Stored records
--- START ---

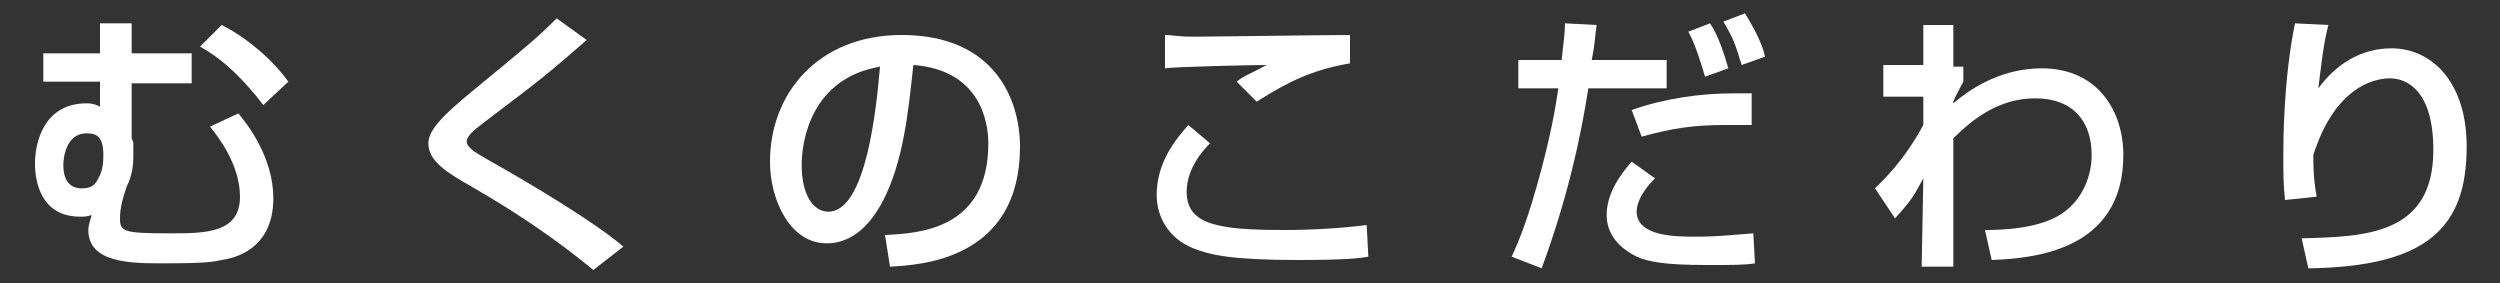 <?xml version="1.0" encoding="utf-8"?>
<!-- Generator: Adobe Illustrator 19.0.0, SVG Export Plug-In . SVG Version: 6.00 Build 0)  -->
<!DOCTYPE svg PUBLIC "-//W3C//DTD SVG 1.1//EN" "http://www.w3.org/Graphics/SVG/1.1/DTD/svg11.dtd">
<svg version="1.1" id="レイヤー_1" xmlns="http://www.w3.org/2000/svg" xmlns:xlink="http://www.w3.org/1999/xlink" x="0px"
	 y="0px" viewBox="0 0 150 17" enable-background="new 0 0 150 17" xml:space="preserve">
<rect x="0" y="0" width="150" height="17" fill="#333333" stroke="none"/>
<g id="XMLID_102_">
	<path id="XMLID_121_" fill="#FFFFFF" d="M6,3.2V1.4h1.9v1.8h3.6v1.8H7.9L7.9,8.3c0,0,0.1,0.2,0.1,0.3C8,8.7,8,9.1,8,9.4
		c0,0.6-0.1,1.2-0.4,1.8c-0.2,0.6-0.4,1.2-0.4,1.9c0,0.8,0.2,0.9,3,0.9c2.1,0,4.2,0,4.2-2.2c0-1.9-1.3-3.6-1.8-4.2l1.7-0.8
		c0.5,0.6,2.1,2.6,2.1,5.1c0,3.1-2.4,3.6-3.1,3.7c-0.5,0.1-0.8,0.2-3.5,0.2c-1.9,0-4.5,0-4.5-2c0-0.3,0.1-0.5,0.2-0.9
		C5.2,13,5.1,13,4.8,13c-2.7,0-2.7-2.8-2.7-3.2c0-1.2,0.5-3.6,3.1-3.6c0.4,0,0.6,0.1,0.8,0.2V4.9H2.6V3.2H6z M3.8,9.9
		c0,0.8,0.3,1.4,1.1,1.4c0.6,0,0.8-0.2,1-0.6c0.3-0.5,0.3-1.1,0.3-1.4c0-1.1-0.4-1.3-1-1.3C3.9,8,3.8,9.6,3.8,9.9z M15.8,6.3
		c-1-1.3-2.3-2.7-3.8-3.5l1.3-1.3c1.4,0.7,3,2,4,3.4L15.8,6.3z"/>
	<path id="XMLID_119_" fill="#FFFFFF" d="M35.6,16.2c-2.3-1.9-4.7-3.5-7.3-5c-1.4-0.8-2.6-1.5-2.6-2.6c0-0.8,0.9-1.7,2.6-3.1
		c3.4-2.8,3.9-3.2,5.1-4.4l1.8,1.3c-2.4,2.1-2.8,2.4-6.1,4.9C28.3,7.9,28,8.2,28,8.5c0,0.4,0.8,0.8,1.3,1.1c2.5,1.4,6.5,3.8,8.1,5.2
		L35.6,16.2z"/>
	<path id="XMLID_116_" fill="#FFFFFF" d="M53.1,14.1c2-0.1,6.2-0.3,6.2-5.5c0-1.3-0.5-4.4-4.5-4.7c-0.3,2.8-0.6,5.9-1.9,8.3
		c-0.3,0.5-1.3,2.4-3.3,2.4c-2.2,0-3.4-2.6-3.4-4.9c0-4.1,2.9-7.6,7.9-7.6c5.6,0,7.1,3.9,7.1,6.7c0,6.8-6,7.1-7.8,7.2L53.1,14.1z
		 M48.1,9.9c0,1.8,0.7,2.8,1.6,2.8c2.3,0,2.9-6.4,3.1-8.7C48.7,4.7,48.1,8.4,48.1,9.9z"/>
	<path id="XMLID_113_" fill="#FFFFFF" d="M72.6,8.6c-0.4,0.4-1.4,1.5-1.4,2.9c0,2,1.9,2.3,5.9,2.3c1.5,0,3.4-0.1,4.9-0.3l0.1,1.9
		c-0.5,0.1-1.5,0.2-4.2,0.2c-4,0-5.3-0.3-6.3-0.7c-1.5-0.6-2.2-1.9-2.2-3.2c0-2,1.2-3.4,1.9-4.2L72.6,8.6z M81,3.8
		c-2.3,0.4-3.7,1.1-5.6,2.3l-1.2-1.2c0.5-0.4,0.7-0.4,1.8-1c-0.7,0-5.5,0.1-6.1,0.2V2.1c0.5,0,0.7,0.1,1.7,0.1
		c1.3,0,7.9-0.1,9.4-0.1V3.8z"/>
	<path id="XMLID_107_" fill="#FFFFFF" d="M95.8,1.5c-0.1,0.6-0.1,1.2-0.3,2.1h4.5v1.7h-4.7c-0.8,5.1-2,8.6-2.8,10.8l-1.8-0.7
		c0.5-1.1,1-2.3,1.8-5.3c0.5-1.9,0.8-3.4,1-4.8h-2.4V3.6h2.6c0.1-1,0.2-1.6,0.2-2.2L95.8,1.5z M99.3,10.7c-1,1-1.1,1.7-1.1,2
		c0,1.5,2.4,1.5,3.5,1.5c1.4,0,2.2-0.1,3.5-0.2l0.1,1.8c-0.6,0.1-1.3,0.1-2.9,0.1c-2.6,0-3.5-0.2-4.2-0.5c-1-0.5-1.8-1.3-1.8-2.5
		c0-1.2,0.7-2.3,1.5-3.2L99.3,10.7z M105.1,7.5c-0.5,0-1,0-1.6,0c-1.9,0-3.2,0.2-5,0.7l-0.6-1.6c2-0.7,4.1-1,6.2-1c0.4,0,0.6,0,1,0
		L105.1,7.5z M102.3,4.6c-0.2-0.7-0.6-2-1-2.7l1.3-0.5c0.5,0.7,0.9,2,1.1,2.7L102.3,4.6z M104.5,3.9c-0.4-1.3-0.5-1.6-1.1-2.6
		l1.3-0.5c0.8,1.3,1.1,2.1,1.2,2.6L104.5,3.9z"/>
	<path id="XMLID_105_" fill="#FFFFFF" d="M119.1,13.8c0.7,0,3.5,0,4.9-1.2c1-0.8,1.5-2.1,1.5-3.3c0-2-1.1-3.4-3.4-3.4
		c-2.2,0-3.8,1.3-4.9,2.4V16h-1.9l0.1-5.3c-0.6,1.1-0.7,1.3-1.7,2.4l-1.2-1.8c0.5-0.5,1.7-1.6,2.9-3.8l0-1.7h-2.4V3.9h2.4V1.5h1.8
		l0,2.5h0.6v0.9c-0.2,0.4-0.5,0.9-0.6,1.2v0.1c0.7-0.6,2.6-2.1,5.3-2.1c3.4,0,4.9,2.6,4.9,5.2c0,5.7-5.3,6.2-7.9,6.3L119.1,13.8z"/>
	<path id="XMLID_103_" fill="#FFFFFF" d="M139.7,1.5c-0.3,1.2-0.4,2.2-0.6,3.8c1.1-1.5,2.6-2.4,4.4-2.4c2.3,0,4.5,1.9,4.5,5.9
		c0,4.8-2.3,7.2-9.5,7.3l-0.4-1.8c3.8-0.1,7.9-0.2,7.9-5.3c0-3.7-1.7-4.3-2.6-4.3c-0.6,0-3.2,0.2-4.6,4.6c0,1.4,0.1,1.9,0.2,2.5
		l-1.9,0.2C137,11,137,10.5,137,9.3c0-0.7,0-4.5,0.7-7.9L139.7,1.5z"/>
</g>
</svg>

--- END ---

**PROBLEM TO WORK ON**: Read through the entries above and copy each line that has the string "FFFFFF" in it.

**EXPECTED ANSWER**:
	<path id="XMLID_121_" fill="#FFFFFF" d="M6,3.2V1.4h1.9v1.8h3.6v1.8H7.9L7.9,8.3c0,0,0.1,0.2,0.1,0.3C8,8.7,8,9.1,8,9.4
	<path id="XMLID_119_" fill="#FFFFFF" d="M35.6,16.2c-2.3-1.9-4.7-3.5-7.3-5c-1.4-0.8-2.6-1.5-2.6-2.6c0-0.8,0.9-1.7,2.6-3.1
	<path id="XMLID_116_" fill="#FFFFFF" d="M53.1,14.1c2-0.1,6.2-0.3,6.2-5.5c0-1.3-0.5-4.4-4.5-4.7c-0.3,2.8-0.6,5.9-1.9,8.3
	<path id="XMLID_113_" fill="#FFFFFF" d="M72.6,8.6c-0.4,0.4-1.4,1.5-1.4,2.9c0,2,1.9,2.3,5.9,2.3c1.5,0,3.4-0.1,4.9-0.3l0.1,1.9
	<path id="XMLID_107_" fill="#FFFFFF" d="M95.8,1.5c-0.1,0.6-0.1,1.2-0.3,2.1h4.5v1.7h-4.7c-0.8,5.1-2,8.6-2.8,10.8l-1.8-0.7
	<path id="XMLID_105_" fill="#FFFFFF" d="M119.1,13.8c0.7,0,3.5,0,4.9-1.2c1-0.8,1.5-2.1,1.5-3.3c0-2-1.1-3.4-3.4-3.4
	<path id="XMLID_103_" fill="#FFFFFF" d="M139.7,1.5c-0.3,1.2-0.4,2.2-0.6,3.8c1.1-1.5,2.6-2.4,4.4-2.4c2.3,0,4.5,1.9,4.5,5.9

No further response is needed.